[Records from a data collection]
########################################
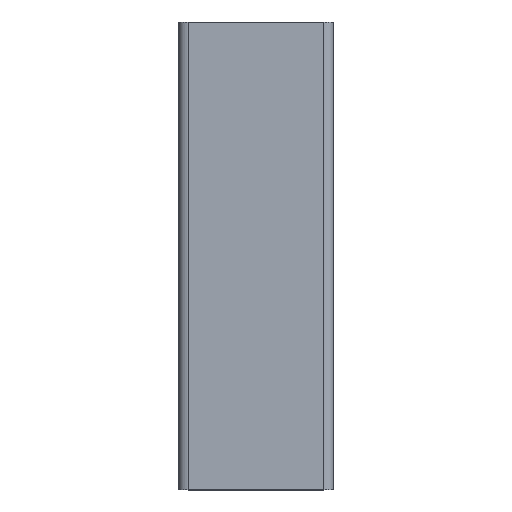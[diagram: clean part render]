
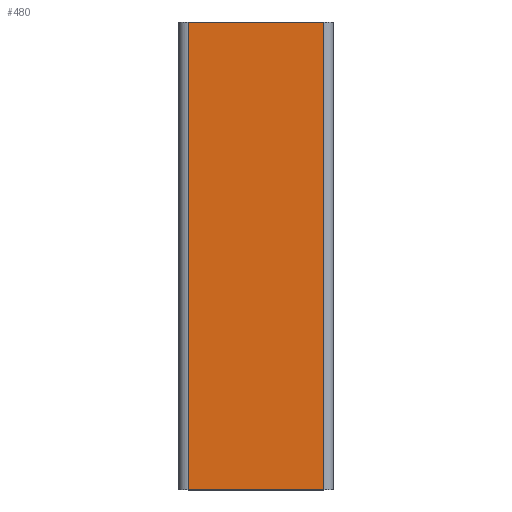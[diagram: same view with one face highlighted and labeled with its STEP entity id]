
A CAD part, top view. The second image highlights one B-rep face of the part: STEP entity #480.
In plain terms, the highlighted planar face has unit normal (0, 0, 1).
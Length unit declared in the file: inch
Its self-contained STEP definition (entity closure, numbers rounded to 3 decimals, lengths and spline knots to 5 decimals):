
#417=CARTESIAN_POINT('',(12.62016,11.99109,0.25));
#418=VERTEX_POINT('',#417);
#426=CARTESIAN_POINT('',(12.62016,5.99109,0.25));
#427=VERTEX_POINT('',#426);
#428=CARTESIAN_POINT('',(12.62016,8.99109,0.25));
#429=DIRECTION('',(0.,-1.,0.));
#430=VECTOR('',#429,1.);
#431=LINE('',#428,#430);
#432=EDGE_CURVE('',#418,#427,#431,.T.);
#450=CARTESIAN_POINT('',(10.88516,11.99109,0.25));
#451=VERTEX_POINT('',#450);
#452=CARTESIAN_POINT('',(12.62016,11.99109,0.25));
#453=DIRECTION('',(-1.,0.,0.));
#454=VECTOR('',#453,1.);
#455=LINE('',#452,#454);
#456=EDGE_CURVE('',#418,#451,#455,.T.);
#457=ORIENTED_EDGE('',*,*,#456,.T.);
#458=CARTESIAN_POINT('',(10.88516,5.99109,0.25));
#459=VERTEX_POINT('',#458);
#460=CARTESIAN_POINT('',(10.88516,8.99109,0.25));
#461=DIRECTION('',(0.,1.,0.));
#462=VECTOR('',#461,1.);
#463=LINE('',#460,#462);
#464=EDGE_CURVE('',#459,#451,#463,.T.);
#465=ORIENTED_EDGE('',*,*,#464,.F.);
#466=CARTESIAN_POINT('',(12.62016,5.99109,0.25));
#467=DIRECTION('',(1.,0.,0.));
#468=VECTOR('',#467,1.);
#469=LINE('',#466,#468);
#470=EDGE_CURVE('',#459,#427,#469,.T.);
#471=ORIENTED_EDGE('',*,*,#470,.T.);
#472=ORIENTED_EDGE('',*,*,#432,.F.);
#473=EDGE_LOOP('',(#457,#465,#471,#472));
#474=FACE_OUTER_BOUND('',#473,.T.);
#475=CARTESIAN_POINT('',(11.75266,8.99109,0.25));
#476=DIRECTION('',(0.,0.,1.));
#477=DIRECTION('',(1.,0.,0.));
#478=AXIS2_PLACEMENT_3D('',#475,#476,#477);
#479=PLANE('',#478);
#480=ADVANCED_FACE('',(#474),#479,.T.);
########################################
* [About this exercise]
All lines above from the one containing "#453=DIRECTION('',(-1.,0.,0.));" to the one containing "#474=FACE_OUTER_BOUND('',#473,.T.);" must be repeated exactly, both lines included, and no others.

* [Solved exercise]
#453=DIRECTION('',(-1.,0.,0.));
#454=VECTOR('',#453,1.);
#455=LINE('',#452,#454);
#456=EDGE_CURVE('',#418,#451,#455,.T.);
#457=ORIENTED_EDGE('',*,*,#456,.T.);
#458=CARTESIAN_POINT('',(10.88516,5.99109,0.25));
#459=VERTEX_POINT('',#458);
#460=CARTESIAN_POINT('',(10.88516,8.99109,0.25));
#461=DIRECTION('',(0.,1.,0.));
#462=VECTOR('',#461,1.);
#463=LINE('',#460,#462);
#464=EDGE_CURVE('',#459,#451,#463,.T.);
#465=ORIENTED_EDGE('',*,*,#464,.F.);
#466=CARTESIAN_POINT('',(12.62016,5.99109,0.25));
#467=DIRECTION('',(1.,0.,0.));
#468=VECTOR('',#467,1.);
#469=LINE('',#466,#468);
#470=EDGE_CURVE('',#459,#427,#469,.T.);
#471=ORIENTED_EDGE('',*,*,#470,.T.);
#472=ORIENTED_EDGE('',*,*,#432,.F.);
#473=EDGE_LOOP('',(#457,#465,#471,#472));
#474=FACE_OUTER_BOUND('',#473,.T.);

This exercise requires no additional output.